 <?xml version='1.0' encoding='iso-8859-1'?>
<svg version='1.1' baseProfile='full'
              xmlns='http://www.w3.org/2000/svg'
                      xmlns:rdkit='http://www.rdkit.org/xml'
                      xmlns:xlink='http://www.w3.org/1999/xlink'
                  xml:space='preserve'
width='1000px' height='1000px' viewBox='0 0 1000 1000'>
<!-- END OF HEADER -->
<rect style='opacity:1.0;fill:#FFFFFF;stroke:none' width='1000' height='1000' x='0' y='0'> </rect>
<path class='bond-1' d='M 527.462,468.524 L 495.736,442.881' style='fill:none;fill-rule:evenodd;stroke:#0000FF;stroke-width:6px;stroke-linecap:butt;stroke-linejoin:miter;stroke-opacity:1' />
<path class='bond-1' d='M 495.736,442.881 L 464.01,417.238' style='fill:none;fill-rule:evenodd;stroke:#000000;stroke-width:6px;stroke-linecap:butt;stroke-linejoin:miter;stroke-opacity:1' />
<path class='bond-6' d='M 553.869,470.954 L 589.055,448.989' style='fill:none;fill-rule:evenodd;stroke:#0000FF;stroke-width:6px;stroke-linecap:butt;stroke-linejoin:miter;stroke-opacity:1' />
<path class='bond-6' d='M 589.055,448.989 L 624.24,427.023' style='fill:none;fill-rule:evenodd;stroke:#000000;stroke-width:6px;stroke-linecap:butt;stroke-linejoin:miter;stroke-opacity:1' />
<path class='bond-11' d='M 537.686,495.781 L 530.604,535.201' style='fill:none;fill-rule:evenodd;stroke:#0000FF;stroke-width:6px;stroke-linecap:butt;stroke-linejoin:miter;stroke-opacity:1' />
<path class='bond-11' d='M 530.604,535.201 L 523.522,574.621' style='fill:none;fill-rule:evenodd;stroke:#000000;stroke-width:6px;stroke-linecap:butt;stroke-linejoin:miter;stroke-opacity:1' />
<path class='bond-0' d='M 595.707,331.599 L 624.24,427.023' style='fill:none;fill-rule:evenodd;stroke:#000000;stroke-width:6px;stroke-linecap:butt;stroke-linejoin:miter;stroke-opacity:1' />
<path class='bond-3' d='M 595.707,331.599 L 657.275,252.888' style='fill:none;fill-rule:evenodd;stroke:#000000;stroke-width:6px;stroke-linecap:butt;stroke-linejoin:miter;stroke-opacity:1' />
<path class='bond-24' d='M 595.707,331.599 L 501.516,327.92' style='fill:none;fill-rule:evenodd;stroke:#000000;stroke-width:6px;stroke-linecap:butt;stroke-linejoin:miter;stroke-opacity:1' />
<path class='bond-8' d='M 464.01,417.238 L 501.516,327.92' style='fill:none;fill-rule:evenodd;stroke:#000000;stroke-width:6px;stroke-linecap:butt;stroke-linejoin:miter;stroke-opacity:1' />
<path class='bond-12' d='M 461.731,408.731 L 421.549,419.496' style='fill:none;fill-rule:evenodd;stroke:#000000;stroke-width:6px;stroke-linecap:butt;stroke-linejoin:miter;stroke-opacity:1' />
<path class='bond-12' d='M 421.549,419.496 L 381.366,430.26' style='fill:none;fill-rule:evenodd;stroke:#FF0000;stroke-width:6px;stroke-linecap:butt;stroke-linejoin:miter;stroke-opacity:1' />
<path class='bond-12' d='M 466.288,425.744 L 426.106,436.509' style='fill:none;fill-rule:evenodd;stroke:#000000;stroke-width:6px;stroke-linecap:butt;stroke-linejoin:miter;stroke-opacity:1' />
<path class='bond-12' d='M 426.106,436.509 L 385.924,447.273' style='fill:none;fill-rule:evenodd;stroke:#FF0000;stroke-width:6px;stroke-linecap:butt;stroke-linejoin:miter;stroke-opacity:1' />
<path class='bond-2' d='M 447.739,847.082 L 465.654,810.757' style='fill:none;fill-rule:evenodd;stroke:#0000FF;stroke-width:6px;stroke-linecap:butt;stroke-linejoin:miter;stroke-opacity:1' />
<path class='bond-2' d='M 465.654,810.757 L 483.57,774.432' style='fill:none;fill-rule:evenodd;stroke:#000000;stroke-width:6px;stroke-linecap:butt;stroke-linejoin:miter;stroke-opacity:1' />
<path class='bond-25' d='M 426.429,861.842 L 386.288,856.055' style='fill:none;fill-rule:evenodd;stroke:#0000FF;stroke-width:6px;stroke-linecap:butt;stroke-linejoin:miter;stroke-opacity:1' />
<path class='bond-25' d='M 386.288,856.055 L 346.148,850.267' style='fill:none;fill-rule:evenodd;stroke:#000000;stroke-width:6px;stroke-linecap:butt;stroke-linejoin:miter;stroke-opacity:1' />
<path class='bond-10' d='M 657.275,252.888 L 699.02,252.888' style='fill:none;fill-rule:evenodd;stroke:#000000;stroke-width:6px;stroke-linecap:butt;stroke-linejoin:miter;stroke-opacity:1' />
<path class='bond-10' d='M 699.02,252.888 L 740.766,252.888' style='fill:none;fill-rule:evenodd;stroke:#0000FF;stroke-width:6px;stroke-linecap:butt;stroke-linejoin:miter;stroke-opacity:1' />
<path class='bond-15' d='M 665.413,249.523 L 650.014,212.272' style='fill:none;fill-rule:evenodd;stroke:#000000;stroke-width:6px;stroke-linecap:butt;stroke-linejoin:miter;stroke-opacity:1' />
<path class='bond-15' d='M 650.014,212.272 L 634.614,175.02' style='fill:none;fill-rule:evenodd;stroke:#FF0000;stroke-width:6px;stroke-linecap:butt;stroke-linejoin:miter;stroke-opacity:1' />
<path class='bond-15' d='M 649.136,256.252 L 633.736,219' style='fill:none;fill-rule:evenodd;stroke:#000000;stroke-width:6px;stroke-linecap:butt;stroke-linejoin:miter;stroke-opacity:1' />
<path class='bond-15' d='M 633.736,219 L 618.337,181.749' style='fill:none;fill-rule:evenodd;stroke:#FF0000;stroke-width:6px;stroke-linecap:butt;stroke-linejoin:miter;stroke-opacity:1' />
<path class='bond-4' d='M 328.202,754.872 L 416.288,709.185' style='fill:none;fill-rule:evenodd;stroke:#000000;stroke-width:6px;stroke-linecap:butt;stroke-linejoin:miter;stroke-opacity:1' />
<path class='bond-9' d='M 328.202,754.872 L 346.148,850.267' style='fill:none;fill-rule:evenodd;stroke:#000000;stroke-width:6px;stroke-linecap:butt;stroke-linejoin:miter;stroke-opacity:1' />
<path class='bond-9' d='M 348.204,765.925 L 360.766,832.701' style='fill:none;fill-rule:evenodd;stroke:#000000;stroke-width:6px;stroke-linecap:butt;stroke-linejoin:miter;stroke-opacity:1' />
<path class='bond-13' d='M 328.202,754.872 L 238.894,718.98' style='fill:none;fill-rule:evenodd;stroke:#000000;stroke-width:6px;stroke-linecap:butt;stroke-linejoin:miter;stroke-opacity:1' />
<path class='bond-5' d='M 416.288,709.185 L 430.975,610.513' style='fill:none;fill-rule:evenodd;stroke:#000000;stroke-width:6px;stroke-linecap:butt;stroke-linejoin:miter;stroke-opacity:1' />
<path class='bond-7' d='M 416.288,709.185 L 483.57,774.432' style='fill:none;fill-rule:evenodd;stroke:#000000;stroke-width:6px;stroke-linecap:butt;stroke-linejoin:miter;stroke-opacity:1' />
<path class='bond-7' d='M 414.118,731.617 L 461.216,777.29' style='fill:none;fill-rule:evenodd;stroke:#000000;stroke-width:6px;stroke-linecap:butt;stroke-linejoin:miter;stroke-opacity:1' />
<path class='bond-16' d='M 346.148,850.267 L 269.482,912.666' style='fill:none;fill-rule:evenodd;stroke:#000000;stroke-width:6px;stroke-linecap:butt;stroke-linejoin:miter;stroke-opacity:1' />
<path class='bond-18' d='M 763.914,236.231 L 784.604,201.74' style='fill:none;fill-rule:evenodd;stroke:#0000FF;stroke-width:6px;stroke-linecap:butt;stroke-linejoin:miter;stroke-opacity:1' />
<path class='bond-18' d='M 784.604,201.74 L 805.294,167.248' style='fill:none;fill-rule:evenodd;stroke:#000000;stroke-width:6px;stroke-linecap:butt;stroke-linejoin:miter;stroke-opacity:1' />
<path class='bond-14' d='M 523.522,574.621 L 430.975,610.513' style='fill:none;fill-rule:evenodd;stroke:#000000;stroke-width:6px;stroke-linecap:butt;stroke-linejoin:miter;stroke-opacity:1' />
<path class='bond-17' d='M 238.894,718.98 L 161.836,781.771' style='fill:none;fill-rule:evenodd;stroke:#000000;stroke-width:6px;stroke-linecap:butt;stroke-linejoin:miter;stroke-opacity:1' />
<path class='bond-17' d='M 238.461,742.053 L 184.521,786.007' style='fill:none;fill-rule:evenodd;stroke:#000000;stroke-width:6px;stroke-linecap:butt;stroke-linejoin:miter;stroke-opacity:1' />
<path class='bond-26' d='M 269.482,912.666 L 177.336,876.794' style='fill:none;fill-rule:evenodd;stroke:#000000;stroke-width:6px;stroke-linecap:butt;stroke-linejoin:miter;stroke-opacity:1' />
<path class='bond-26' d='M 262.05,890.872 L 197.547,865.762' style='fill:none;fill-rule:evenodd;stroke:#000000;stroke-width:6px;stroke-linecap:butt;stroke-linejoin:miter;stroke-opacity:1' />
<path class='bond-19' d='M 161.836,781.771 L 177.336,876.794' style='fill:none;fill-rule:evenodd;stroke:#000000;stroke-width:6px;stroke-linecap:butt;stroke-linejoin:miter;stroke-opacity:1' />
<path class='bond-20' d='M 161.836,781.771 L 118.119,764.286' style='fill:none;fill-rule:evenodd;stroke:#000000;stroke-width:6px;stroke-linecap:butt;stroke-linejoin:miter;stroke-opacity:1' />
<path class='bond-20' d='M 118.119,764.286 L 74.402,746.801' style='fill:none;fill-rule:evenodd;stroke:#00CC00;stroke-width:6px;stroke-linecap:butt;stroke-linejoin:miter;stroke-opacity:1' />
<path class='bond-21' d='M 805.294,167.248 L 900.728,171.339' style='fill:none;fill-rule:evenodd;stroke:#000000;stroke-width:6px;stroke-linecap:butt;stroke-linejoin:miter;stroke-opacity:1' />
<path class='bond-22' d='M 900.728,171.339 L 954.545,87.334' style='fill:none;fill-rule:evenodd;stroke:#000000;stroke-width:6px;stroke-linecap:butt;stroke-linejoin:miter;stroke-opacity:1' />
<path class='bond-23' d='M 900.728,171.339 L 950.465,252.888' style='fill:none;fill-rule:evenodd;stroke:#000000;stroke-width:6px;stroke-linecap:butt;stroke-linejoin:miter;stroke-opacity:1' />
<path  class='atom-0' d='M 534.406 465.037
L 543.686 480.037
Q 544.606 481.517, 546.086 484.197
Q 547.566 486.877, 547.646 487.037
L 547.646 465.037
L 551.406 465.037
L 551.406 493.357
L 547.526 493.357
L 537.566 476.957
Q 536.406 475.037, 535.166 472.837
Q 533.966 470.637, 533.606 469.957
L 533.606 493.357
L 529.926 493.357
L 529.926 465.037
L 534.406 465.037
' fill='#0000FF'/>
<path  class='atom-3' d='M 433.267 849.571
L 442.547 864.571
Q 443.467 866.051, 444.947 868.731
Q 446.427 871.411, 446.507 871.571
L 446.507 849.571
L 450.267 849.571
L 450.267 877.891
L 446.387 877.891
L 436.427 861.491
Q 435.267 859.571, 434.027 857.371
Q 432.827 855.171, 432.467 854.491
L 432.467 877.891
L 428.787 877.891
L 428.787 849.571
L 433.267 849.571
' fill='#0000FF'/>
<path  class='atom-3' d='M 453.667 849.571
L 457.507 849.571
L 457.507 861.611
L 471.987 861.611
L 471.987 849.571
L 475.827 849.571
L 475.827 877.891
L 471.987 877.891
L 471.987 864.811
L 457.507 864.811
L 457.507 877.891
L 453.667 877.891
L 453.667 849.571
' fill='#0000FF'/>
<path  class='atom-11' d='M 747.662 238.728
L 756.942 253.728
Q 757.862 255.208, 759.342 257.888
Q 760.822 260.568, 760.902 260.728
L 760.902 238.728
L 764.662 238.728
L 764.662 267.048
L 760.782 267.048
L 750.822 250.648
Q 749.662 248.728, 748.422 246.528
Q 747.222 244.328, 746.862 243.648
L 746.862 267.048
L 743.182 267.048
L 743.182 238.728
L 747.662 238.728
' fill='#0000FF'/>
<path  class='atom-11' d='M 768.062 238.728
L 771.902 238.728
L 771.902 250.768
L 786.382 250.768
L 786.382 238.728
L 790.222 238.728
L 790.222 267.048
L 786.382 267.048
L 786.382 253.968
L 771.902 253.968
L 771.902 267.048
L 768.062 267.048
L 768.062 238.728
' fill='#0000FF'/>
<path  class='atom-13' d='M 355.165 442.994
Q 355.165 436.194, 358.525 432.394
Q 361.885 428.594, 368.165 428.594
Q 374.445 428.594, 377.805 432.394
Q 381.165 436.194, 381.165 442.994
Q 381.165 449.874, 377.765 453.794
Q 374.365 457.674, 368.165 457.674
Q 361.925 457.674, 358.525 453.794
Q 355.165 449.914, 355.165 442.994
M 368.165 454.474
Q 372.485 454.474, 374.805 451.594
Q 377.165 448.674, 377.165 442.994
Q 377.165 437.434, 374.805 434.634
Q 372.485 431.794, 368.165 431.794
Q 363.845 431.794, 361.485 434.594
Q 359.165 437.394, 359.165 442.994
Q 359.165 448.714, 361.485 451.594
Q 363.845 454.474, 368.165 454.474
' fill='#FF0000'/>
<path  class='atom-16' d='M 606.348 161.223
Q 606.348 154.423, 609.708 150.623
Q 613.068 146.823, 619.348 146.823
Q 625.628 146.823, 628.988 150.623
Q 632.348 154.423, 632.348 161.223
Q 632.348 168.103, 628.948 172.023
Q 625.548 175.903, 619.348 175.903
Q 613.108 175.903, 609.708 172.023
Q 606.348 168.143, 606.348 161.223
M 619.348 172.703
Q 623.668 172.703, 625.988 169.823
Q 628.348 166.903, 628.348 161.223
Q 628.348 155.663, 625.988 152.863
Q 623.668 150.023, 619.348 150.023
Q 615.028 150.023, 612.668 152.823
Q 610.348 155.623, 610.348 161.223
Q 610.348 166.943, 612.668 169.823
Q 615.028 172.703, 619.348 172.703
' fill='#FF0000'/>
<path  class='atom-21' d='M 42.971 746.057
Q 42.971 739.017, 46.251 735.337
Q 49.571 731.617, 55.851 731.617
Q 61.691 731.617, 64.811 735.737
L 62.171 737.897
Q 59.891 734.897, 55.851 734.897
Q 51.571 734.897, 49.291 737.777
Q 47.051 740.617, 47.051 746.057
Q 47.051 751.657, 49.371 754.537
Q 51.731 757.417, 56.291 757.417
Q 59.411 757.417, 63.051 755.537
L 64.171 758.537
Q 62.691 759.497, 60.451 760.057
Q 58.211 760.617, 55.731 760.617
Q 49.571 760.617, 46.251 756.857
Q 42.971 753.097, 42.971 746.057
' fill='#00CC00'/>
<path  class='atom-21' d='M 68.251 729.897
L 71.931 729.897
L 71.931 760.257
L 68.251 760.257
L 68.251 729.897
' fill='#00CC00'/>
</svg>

---*---

= AIM OF THE TASK =
In the data above, repeat exactly each line from the first through the line that contains "<rect style='opacity:1.0;fill:#FFFFFF;stroke:none' width='1000'", and give nothing else.

= WRITTEN ANSWER =
 <?xml version='1.0' encoding='iso-8859-1'?>
<svg version='1.1' baseProfile='full'
              xmlns='http://www.w3.org/2000/svg'
                      xmlns:rdkit='http://www.rdkit.org/xml'
                      xmlns:xlink='http://www.w3.org/1999/xlink'
                  xml:space='preserve'
width='1000px' height='1000px' viewBox='0 0 1000 1000'>
<!-- END OF HEADER -->
<rect style='opacity:1.0;fill:#FFFFFF;stroke:none' width='1000' height='1000' x='0' y='0'> </rect>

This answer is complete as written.